### Data provided ###
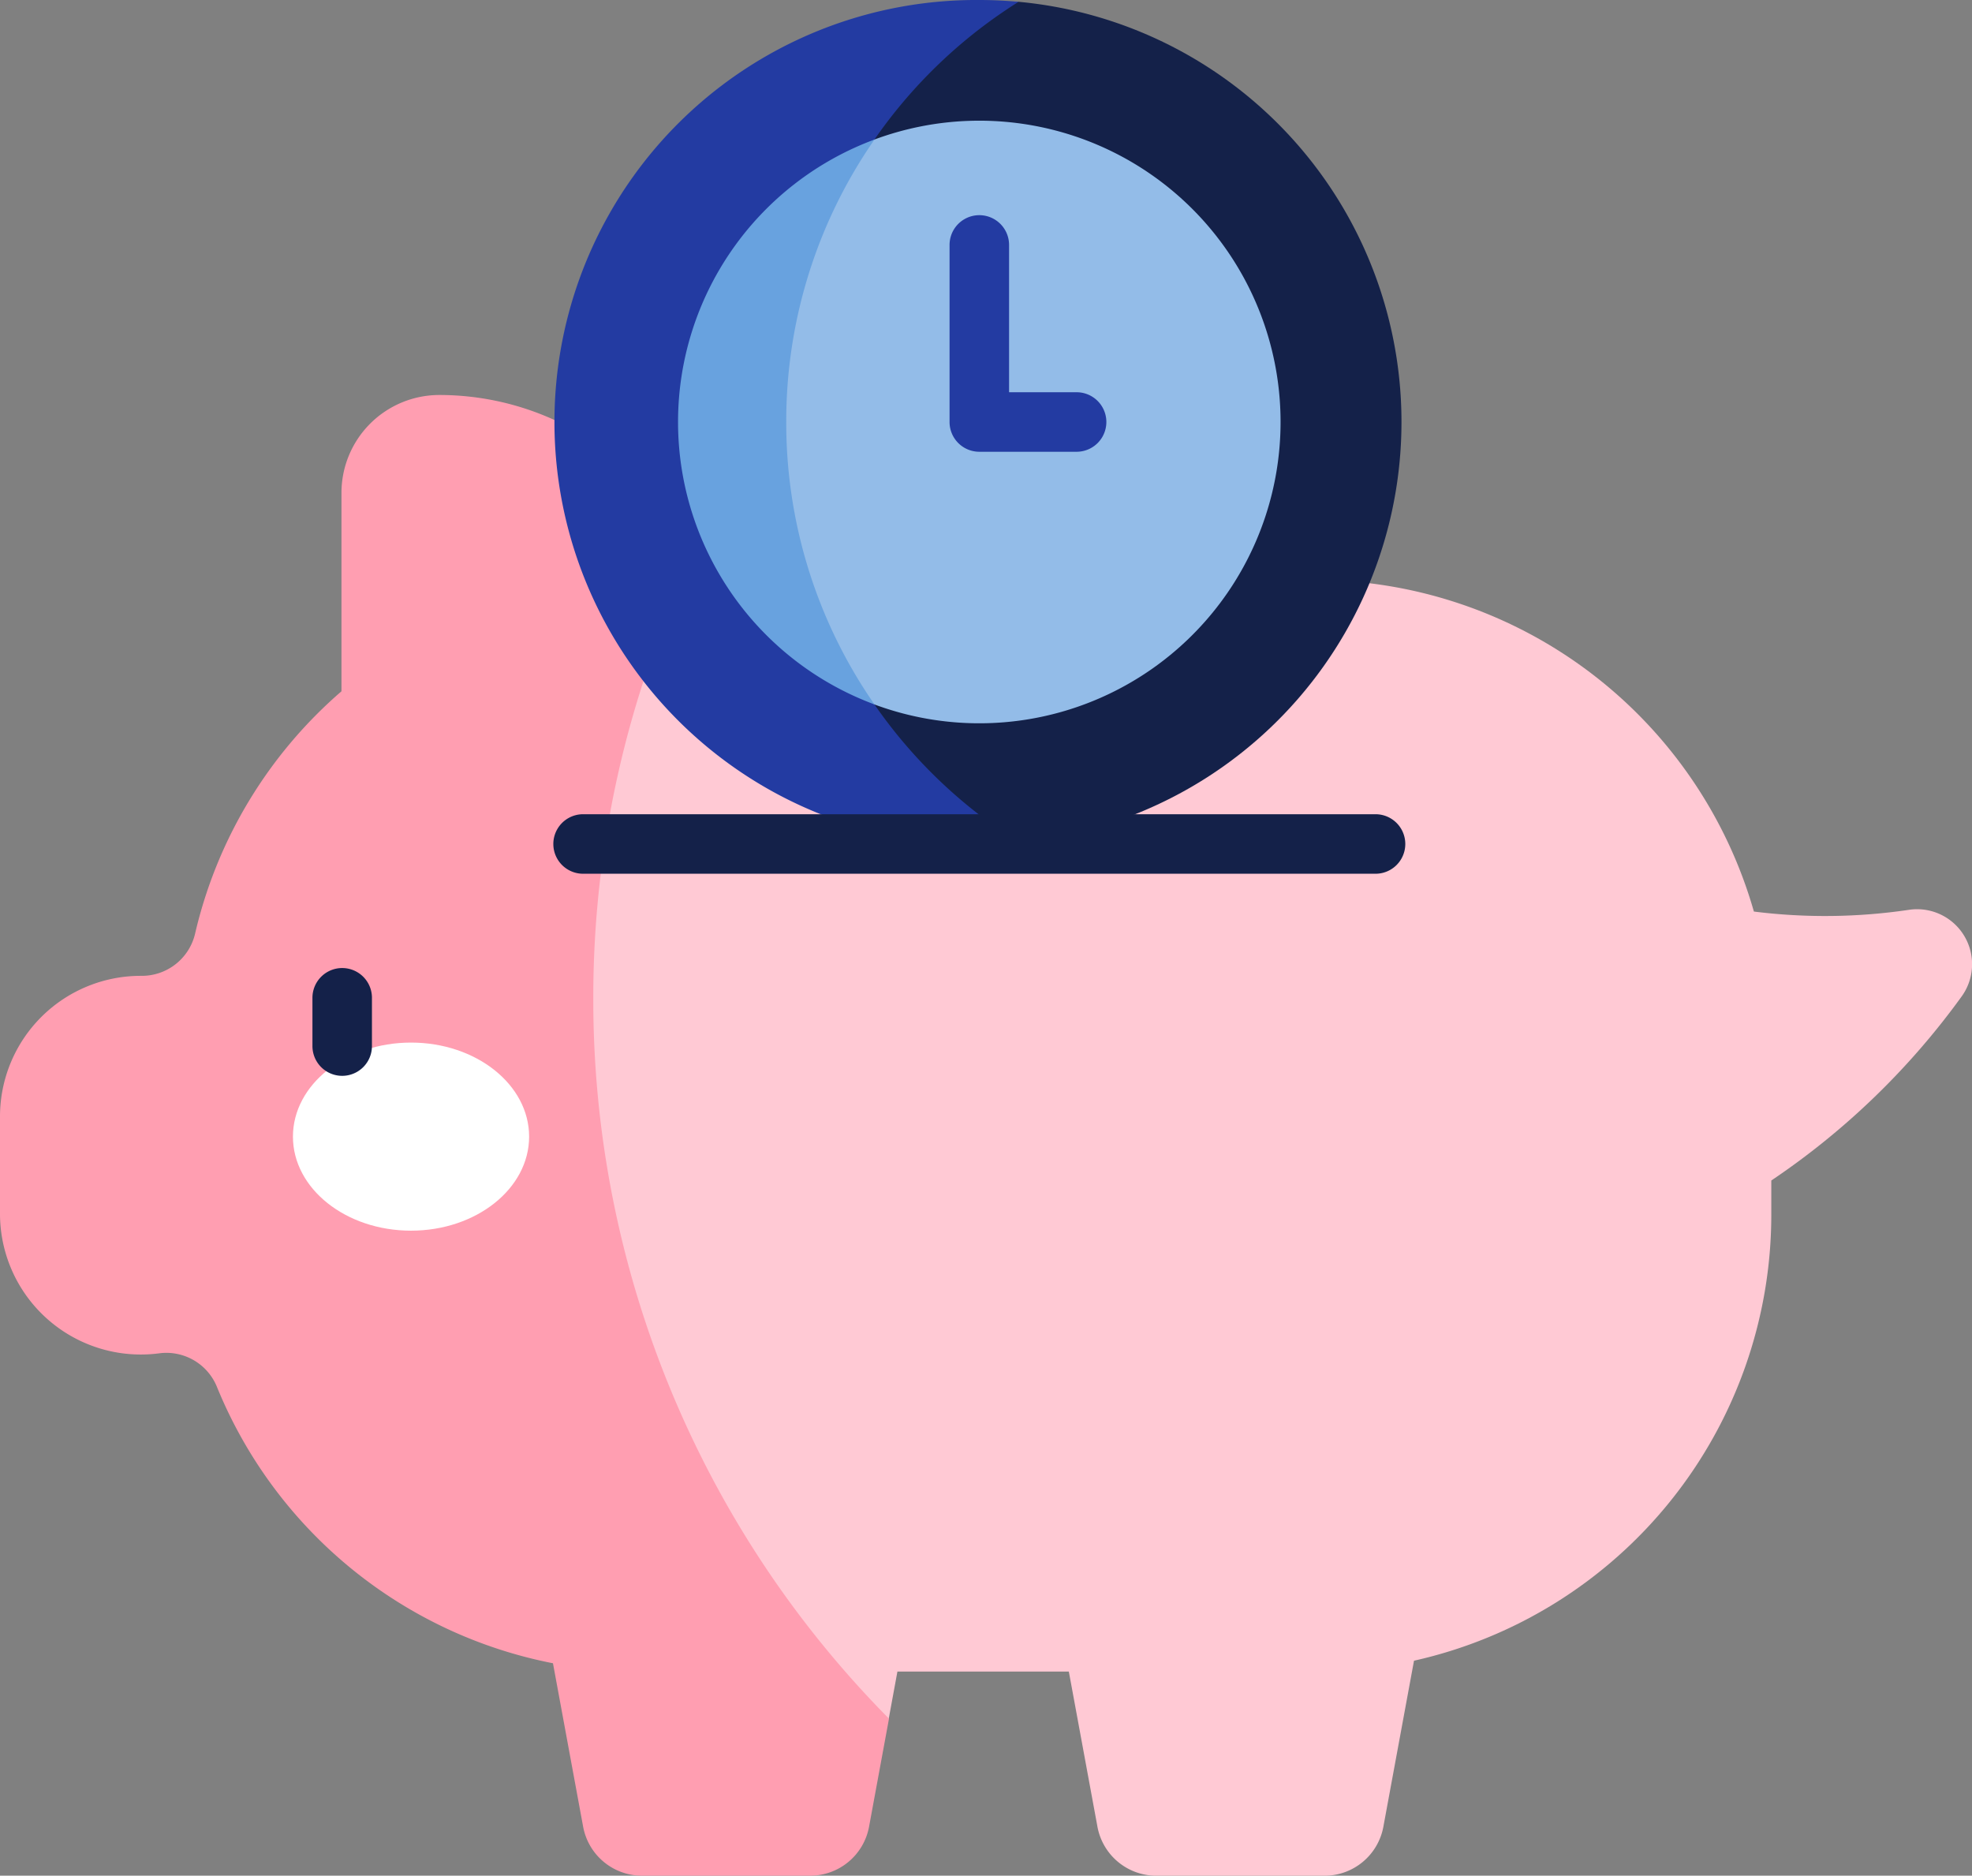 <svg xmlns="http://www.w3.org/2000/svg" width="100.411" height="95.495" viewBox="0 0 100.411 95.495">
  <rect x="0" y="0" width="100.411" height="95.495" fill="#808080" stroke="none"/>
  <g id="affiliation-payment" transform="translate(0 -12.534)">
    <path id="Path_22753" data-name="Path 22753" d="M138,221.057l.442-2.4h8.728l1.457,7.9a3.047,3.047,0,0,0,3,2.494h8.559a3.047,3.047,0,0,0,3-2.494l1.56-8.453a23.276,23.276,0,0,0,18.193-22.712v-1.736a38.368,38.368,0,0,0,9.692-9.371,2.8,2.8,0,0,0-2.671-4.412,29.106,29.106,0,0,1-7.908.09,23.279,23.279,0,0,0-22.382-16.885H128.436l-10.525,2.716-2.537,25.628,15.793,33.771Z" transform="translate(-92.747 -121.02)" fill="#ffc9d4"/>
    <path id="Path_22754" data-name="Path 22754" d="M30.209,145.814a51.98,51.98,0,0,1,5.044-22.405,14.123,14.123,0,0,0-12.881-8.332,4.985,4.985,0,0,0-4.985,4.985v10.1A23.257,23.257,0,0,0,9.934,142.5a2.784,2.784,0,0,1-2.743,2.149H7.166A7.166,7.166,0,0,0,0,151.814v4.949a7.171,7.171,0,0,0,8.138,7.1,2.78,2.78,0,0,1,2.918,1.738,23.307,23.307,0,0,0,17.1,14.046l1.536,8.321a3.047,3.047,0,0,0,3,2.494h8.559a3.047,3.047,0,0,0,3-2.494l1.015-5.5A52.018,52.018,0,0,1,30.209,145.814Z" transform="translate(0 -82.433)" fill="#ff9eb1"/>
    <path id="Path_22755" data-name="Path 22755" d="M199.444,13a21.485,21.485,0,0,1-2,42.878L189.6,52.231l-6.017-18.839,9.6-19.41Z" transform="translate(-147.582 -0.375)" fill="#142149"/>
    <path id="Path_22756" data-name="Path 22756" d="M156.367,34.019a25.235,25.235,0,0,1,11.828-21.392c-.658-.061-1.324-.093-2-.093a21.485,21.485,0,1,0,0,42.969c.673,0,1.339-.033,2-.093a25.236,25.236,0,0,1-11.828-21.392Z" transform="translate(-116.332)" fill="#233ba2"/>
    <ellipse id="Ellipse_64" data-name="Ellipse 64" cx="6.013" cy="4.788" rx="6.013" ry="4.788" transform="translate(14.916 65.614)" fill="#fff"/>
    <path id="Path_22757" data-name="Path 22757" d="M190.59,44.826a15.34,15.34,0,1,1,0,28.763l-3.519-2.621L181.7,59.207l4.488-11.142Z" transform="translate(-146.063 -25.189)" fill="#93bce8"/>
    <path id="Path_22758" data-name="Path 22758" d="M181.555,63.14a25.136,25.136,0,0,1,4.493-14.38,15.338,15.338,0,0,0,0,28.76A25.136,25.136,0,0,1,181.555,63.14Z" transform="translate(-141.521 -29.122)" fill="#68a2df"/>
    <path id="Path_22759" data-name="Path 22759" d="M248.052,80.453h4.954a1.515,1.515,0,1,0,0-3.03h-3.439v-7.5a1.515,1.515,0,0,0-3.03,0v9.011A1.515,1.515,0,0,0,248.052,80.453Z" transform="translate(-198.187 -44.919)" fill="#233ba2"/>
    <g id="Group_28296" data-name="Group 28296" transform="translate(15.909 53.988)">
      <path id="Path_22760" data-name="Path 22760" d="M185.529,223.91h-40.35a1.515,1.515,0,0,0,0,3.03h40.35a1.515,1.515,0,1,0,0-3.03Z" transform="translate(-131.398 -223.91)" fill="#142149"/>
      <path id="Path_22761" data-name="Path 22761" d="M82.636,263.841a1.515,1.515,0,0,0-1.515,1.515v2.458a1.515,1.515,0,1,0,3.03,0v-2.458A1.515,1.515,0,0,0,82.636,263.841Z" transform="translate(-81.121 -256.01)" fill="#142149"/>
    </g>
  </g>
</svg>
###
▸ Task goal
The expected answer is the full listing above, transcribed exactly and without pictures.

▸ Result
 <svg xmlns="http://www.w3.org/2000/svg" width="100.411" height="95.495" viewBox="0 0 100.411 95.495">
  <rect x="0" y="0" width="100.411" height="95.495" fill="#808080" stroke="none"/>
  <g id="affiliation-payment" transform="translate(0 -12.534)">
    <path id="Path_22753" data-name="Path 22753" d="M138,221.057l.442-2.4h8.728l1.457,7.9a3.047,3.047,0,0,0,3,2.494h8.559a3.047,3.047,0,0,0,3-2.494l1.56-8.453a23.276,23.276,0,0,0,18.193-22.712v-1.736a38.368,38.368,0,0,0,9.692-9.371,2.8,2.8,0,0,0-2.671-4.412,29.106,29.106,0,0,1-7.908.09,23.279,23.279,0,0,0-22.382-16.885H128.436l-10.525,2.716-2.537,25.628,15.793,33.771Z" transform="translate(-92.747 -121.02)" fill="#ffc9d4"/>
    <path id="Path_22754" data-name="Path 22754" d="M30.209,145.814a51.98,51.98,0,0,1,5.044-22.405,14.123,14.123,0,0,0-12.881-8.332,4.985,4.985,0,0,0-4.985,4.985v10.1A23.257,23.257,0,0,0,9.934,142.5a2.784,2.784,0,0,1-2.743,2.149H7.166A7.166,7.166,0,0,0,0,151.814v4.949a7.171,7.171,0,0,0,8.138,7.1,2.78,2.78,0,0,1,2.918,1.738,23.307,23.307,0,0,0,17.1,14.046l1.536,8.321a3.047,3.047,0,0,0,3,2.494h8.559a3.047,3.047,0,0,0,3-2.494l1.015-5.5A52.018,52.018,0,0,1,30.209,145.814Z" transform="translate(0 -82.433)" fill="#ff9eb1"/>
    <path id="Path_22755" data-name="Path 22755" d="M199.444,13a21.485,21.485,0,0,1-2,42.878L189.6,52.231l-6.017-18.839,9.6-19.41Z" transform="translate(-147.582 -0.375)" fill="#142149"/>
    <path id="Path_22756" data-name="Path 22756" d="M156.367,34.019a25.235,25.235,0,0,1,11.828-21.392c-.658-.061-1.324-.093-2-.093a21.485,21.485,0,1,0,0,42.969c.673,0,1.339-.033,2-.093a25.236,25.236,0,0,1-11.828-21.392Z" transform="translate(-116.332)" fill="#233ba2"/>
    <ellipse id="Ellipse_64" data-name="Ellipse 64" cx="6.013" cy="4.788" rx="6.013" ry="4.788" transform="translate(14.916 65.614)" fill="#fff"/>
    <path id="Path_22757" data-name="Path 22757" d="M190.59,44.826a15.34,15.34,0,1,1,0,28.763l-3.519-2.621L181.7,59.207l4.488-11.142Z" transform="translate(-146.063 -25.189)" fill="#93bce8"/>
    <path id="Path_22758" data-name="Path 22758" d="M181.555,63.14a25.136,25.136,0,0,1,4.493-14.38,15.338,15.338,0,0,0,0,28.76A25.136,25.136,0,0,1,181.555,63.14Z" transform="translate(-141.521 -29.122)" fill="#68a2df"/>
    <path id="Path_22759" data-name="Path 22759" d="M248.052,80.453h4.954a1.515,1.515,0,1,0,0-3.03h-3.439v-7.5a1.515,1.515,0,0,0-3.03,0v9.011A1.515,1.515,0,0,0,248.052,80.453Z" transform="translate(-198.187 -44.919)" fill="#233ba2"/>
    <g id="Group_28296" data-name="Group 28296" transform="translate(15.909 53.988)">
      <path id="Path_22760" data-name="Path 22760" d="M185.529,223.91h-40.35a1.515,1.515,0,0,0,0,3.03h40.35a1.515,1.515,0,1,0,0-3.03Z" transform="translate(-131.398 -223.91)" fill="#142149"/>
      <path id="Path_22761" data-name="Path 22761" d="M82.636,263.841a1.515,1.515,0,0,0-1.515,1.515v2.458a1.515,1.515,0,1,0,3.03,0v-2.458A1.515,1.515,0,0,0,82.636,263.841Z" transform="translate(-81.121 -256.01)" fill="#142149"/>
    </g>
  </g>
</svg>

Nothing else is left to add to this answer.